Proof assistant code is high reliability, there is no room to fudge it. This is ...

UltraSane · 2025-08-03T08:05:16 1754208316

Actually automated theorem provers like Lean are the PERFECT use for LLMs because you can instantly determine if the proof it generated is correct.

markusde · 2025-08-04T00:16:18 1754266578

Proofs, sure, but not definitions. A human needs to be sure that the definitions align with that they expect. Unfortunately, humans generating correct definitions and LLM's generating correct proofs are not independent problems.

wizzwizz4 · 2025-08-03T14:32:12 1754231532

Actually, some proofs take longer for the computer to verify than for a human (even an unskilled typist) to type out. Several hours to evaluate a two-page document isn't unusual. (I prefer to write optimised proofs, but it can take me weeks to find the correct abstractions for that.)

UltraSane · 2025-08-03T15:27:06 1754234826

Are you talking about Lean 4? Lean 4 is usually pretty fast at verifying proofs and most proofs are created in interactive mode so are checked as they are typed.

A "two-page document" (perhaps 200-300 lines of code) would typically check in a matter of seconds to, at most, a few minutes. If it took hours, it would mean the file contains a pathological case that a developer would be expected to identify and fix. It is absolutely not a normal or "not unusual" occurrence.

wizzwizz4 · 2025-08-04T10:04:53 1754301893

Steps to reproduce:

1. Load a complex data structure, e.g. from JSON. (I do not consider typing out the JSON to be part of the human's job.)

2. Process the data, using the magic of functional programming. (Performance? What's that? Performance is not a priority.)

3. Add some helpful lemmas.

4. Prove the data processing stage was correct… but proving this in general is haaaard, so just make automation that's capable of proving it for most cases… eventually.

5. Great! It takes 3 minutes to run on my tiny examples. Now run it on the real data.

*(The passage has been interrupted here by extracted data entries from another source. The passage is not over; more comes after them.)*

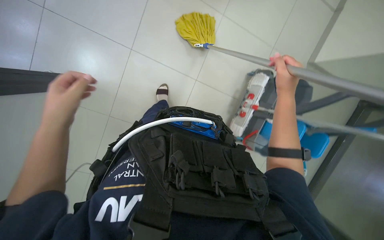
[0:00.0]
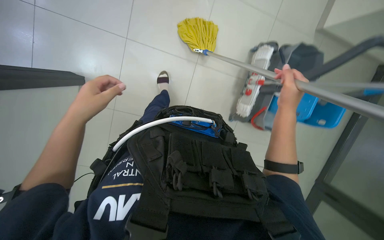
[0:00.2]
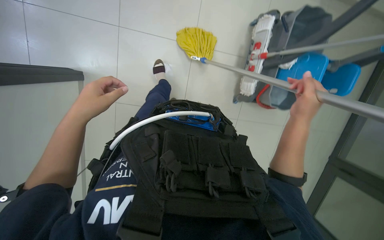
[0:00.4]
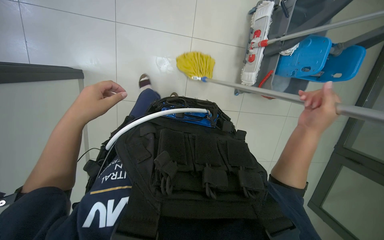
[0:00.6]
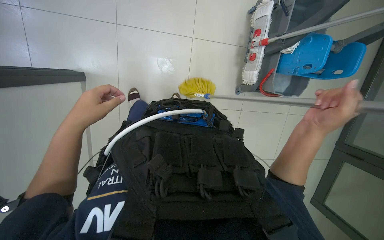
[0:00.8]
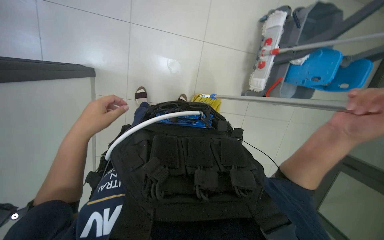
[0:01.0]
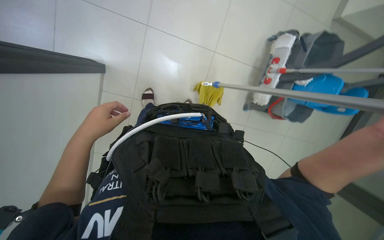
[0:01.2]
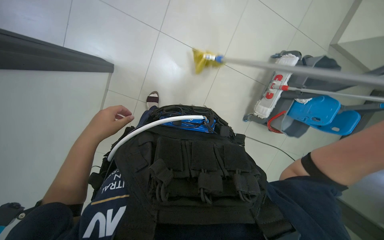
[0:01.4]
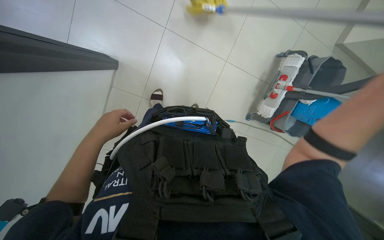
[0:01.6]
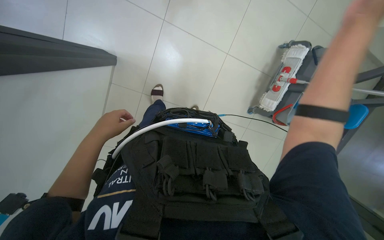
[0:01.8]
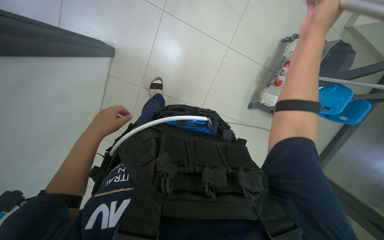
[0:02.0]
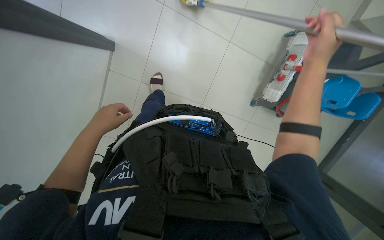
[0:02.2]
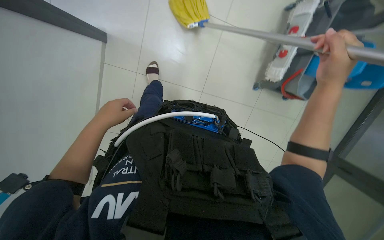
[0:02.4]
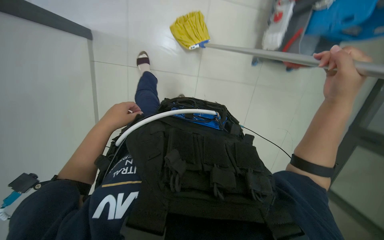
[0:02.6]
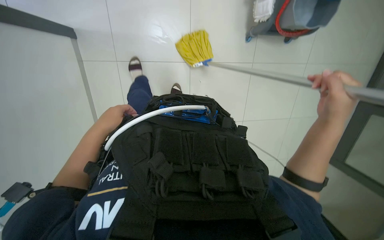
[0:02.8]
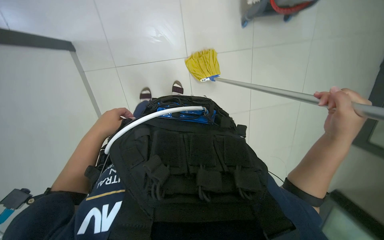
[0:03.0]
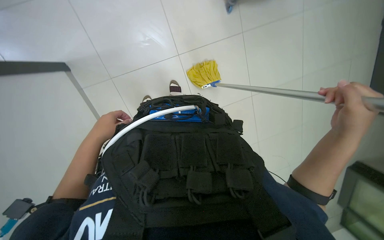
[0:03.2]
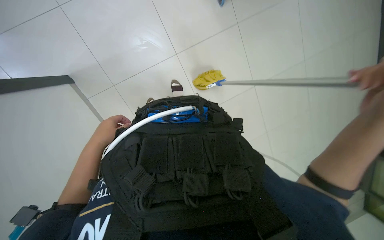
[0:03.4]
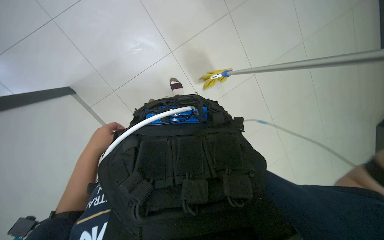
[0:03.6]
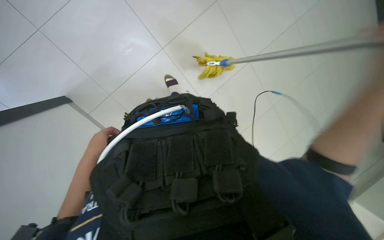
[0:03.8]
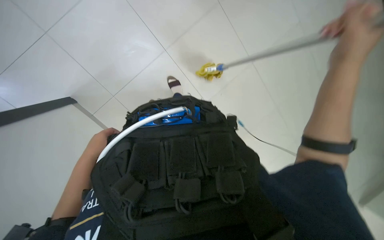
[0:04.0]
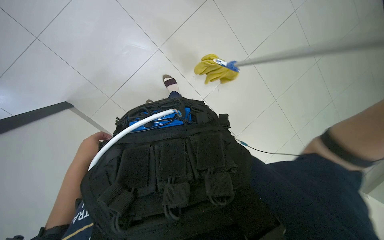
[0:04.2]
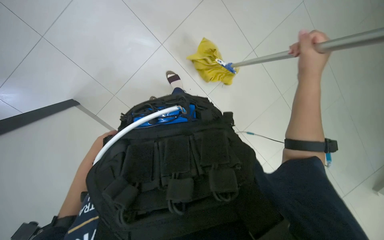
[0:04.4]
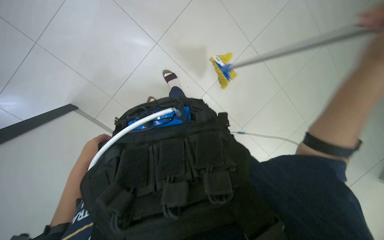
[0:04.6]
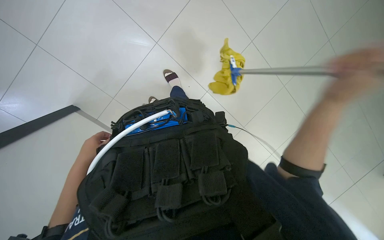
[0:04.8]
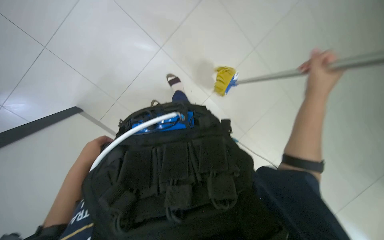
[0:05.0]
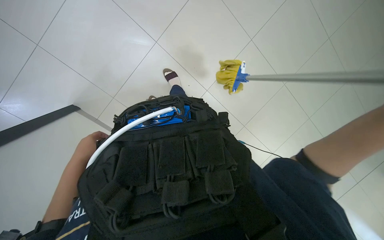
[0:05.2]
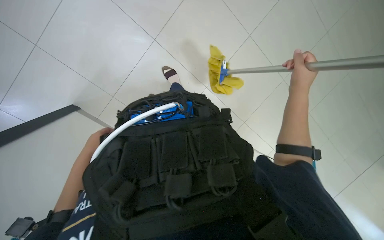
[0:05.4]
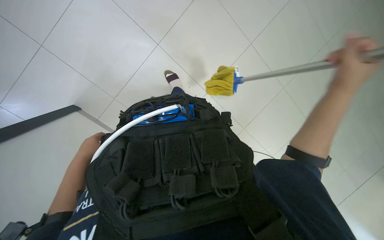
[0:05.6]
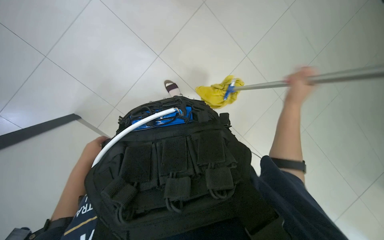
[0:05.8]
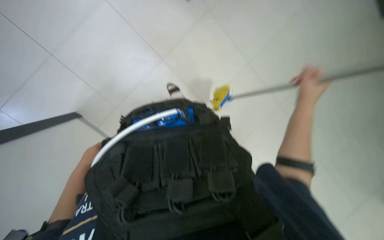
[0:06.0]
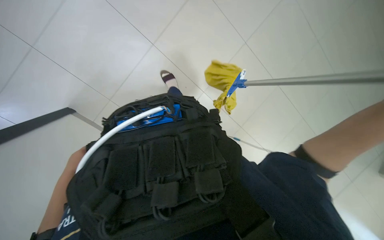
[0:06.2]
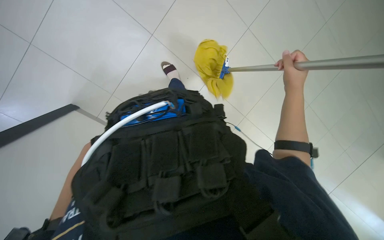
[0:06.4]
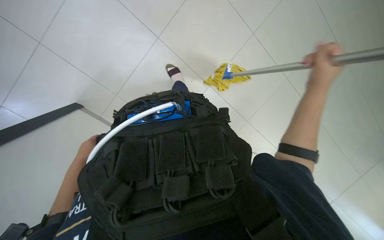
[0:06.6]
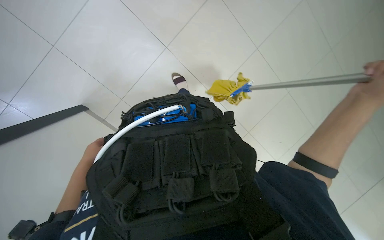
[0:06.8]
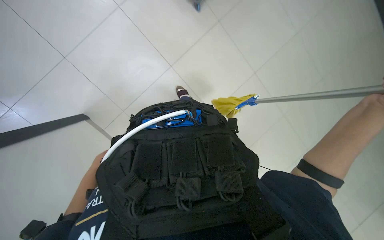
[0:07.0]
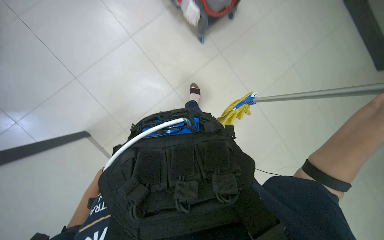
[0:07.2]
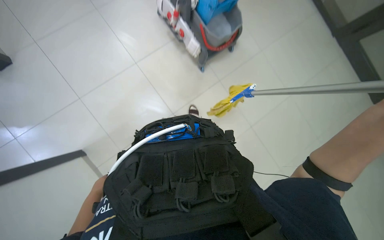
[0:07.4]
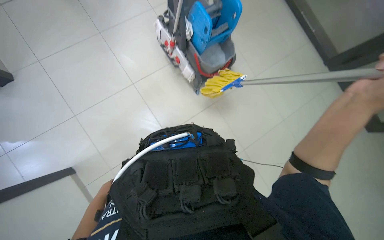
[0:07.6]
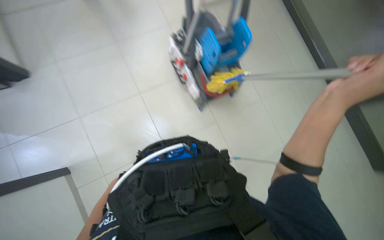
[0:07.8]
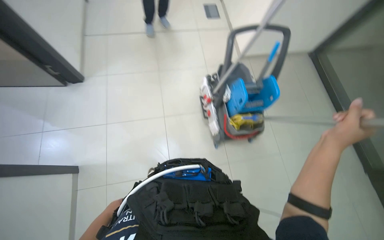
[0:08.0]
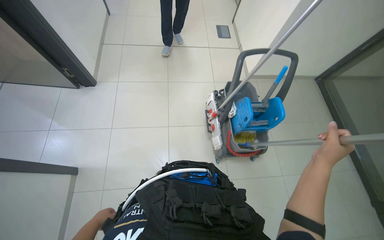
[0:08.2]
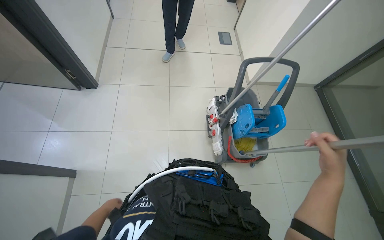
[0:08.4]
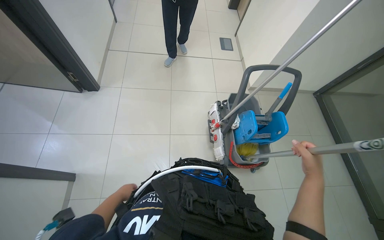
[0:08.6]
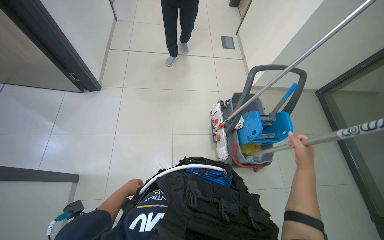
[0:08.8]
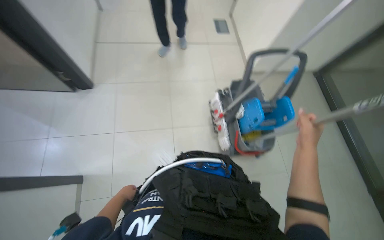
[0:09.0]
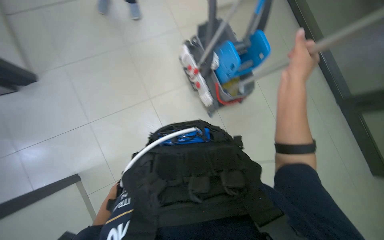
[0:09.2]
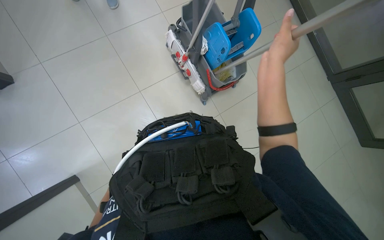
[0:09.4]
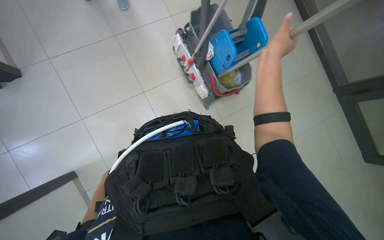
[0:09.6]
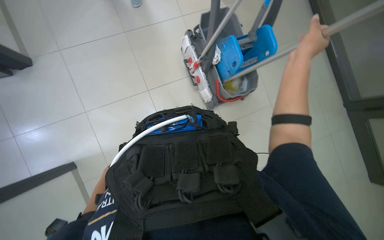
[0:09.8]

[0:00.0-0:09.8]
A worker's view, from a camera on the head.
Job: preparing cleaning supplies.
The whole recording: Shaking out mop and placing in bucket. The worker shakes out the mop and places it into the bucket.
0:00.0 to 0:01.4: The left hand travels to the right by about 10 cm.
0:01.4 to 0:02.8: The camera pitches downward, by roughly 25 degrees.
0:07.0 to 0:08.4: The camera pitches upward, by some 40 degrees. Everything in view rotates roughly 25 degrees clockwise.
0:08.4 to 0:09.8: The wearer looks approximately 20 degrees further downward. The right hand is displaced up the picture and farther from the camera by roughly 15 cm. Meanwhile the left hand travels up the picture by some 10 cm.

And that's where hours come from!

UltraSane · 2025-08-05T01:49:30 1754358570

This is NOT what Lean 4 is designed to do. You seem to be using Lean 4 for what TLA+ is much better suited for.

wizzwizz4 · 2025-08-06T22:33:47 1754519627

If it is not suitable for programming, then it should not be branded as a programming language. Heck, its homepage says:

> Lean's metaprogramming capabilities enable users to extend the language with domain-specific notations and new proof automation techniques.

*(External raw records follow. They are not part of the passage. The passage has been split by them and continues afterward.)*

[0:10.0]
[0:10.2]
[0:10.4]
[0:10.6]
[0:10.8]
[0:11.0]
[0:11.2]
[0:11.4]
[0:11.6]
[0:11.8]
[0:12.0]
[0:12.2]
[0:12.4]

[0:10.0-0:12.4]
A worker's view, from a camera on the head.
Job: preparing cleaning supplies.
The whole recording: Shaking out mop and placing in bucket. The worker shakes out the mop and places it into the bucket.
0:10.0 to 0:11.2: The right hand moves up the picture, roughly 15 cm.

griffzhowl · 2025-08-03T11:35:32 1754220932

The problem is if they don't produce any correct ones then that doesn't matter

adastra22 · 2025-08-03T06:36:36 1754202996

Why? Coding assistants tend to do even better in contexts where they have tools like type checkers and linters to verify their implementations. This area seems actually uniquely well suited to LLM usage.

rocqua · 2025-08-03T06:54:08 1754204048

When I asked experts on formal proofs a year ago, their intuition was that there isn't enough formal proofs out there for LLMs to be very good at the syntax.

It's, as far as I know, quite hard to teach an LLM things it doesn't know.

UltraSane · 2025-08-03T08:06:02 1754208362

He is right and it doesn't matter because you can instantly tell if the proof the LLM generates is true or not.

kmill · 2025-08-03T17:15:26 1754241326

I see people on Zulip using Copilot to write Lean proofs, and they have some success, but the quality is really bad right now, creating long, unmaintainable proofs. New users get stuck, thinking they're 90% of the way to the end, but really the whole thing probably should be scrapped and they should start over.

It's a bit frustrating because, before Copilot, new users would come with proofs and you could spend some time helping them write better proofs and they'd learn things and gain skills, but now it's not clear that this is time well spent on my part. Copilot is not going to learn from my feedback.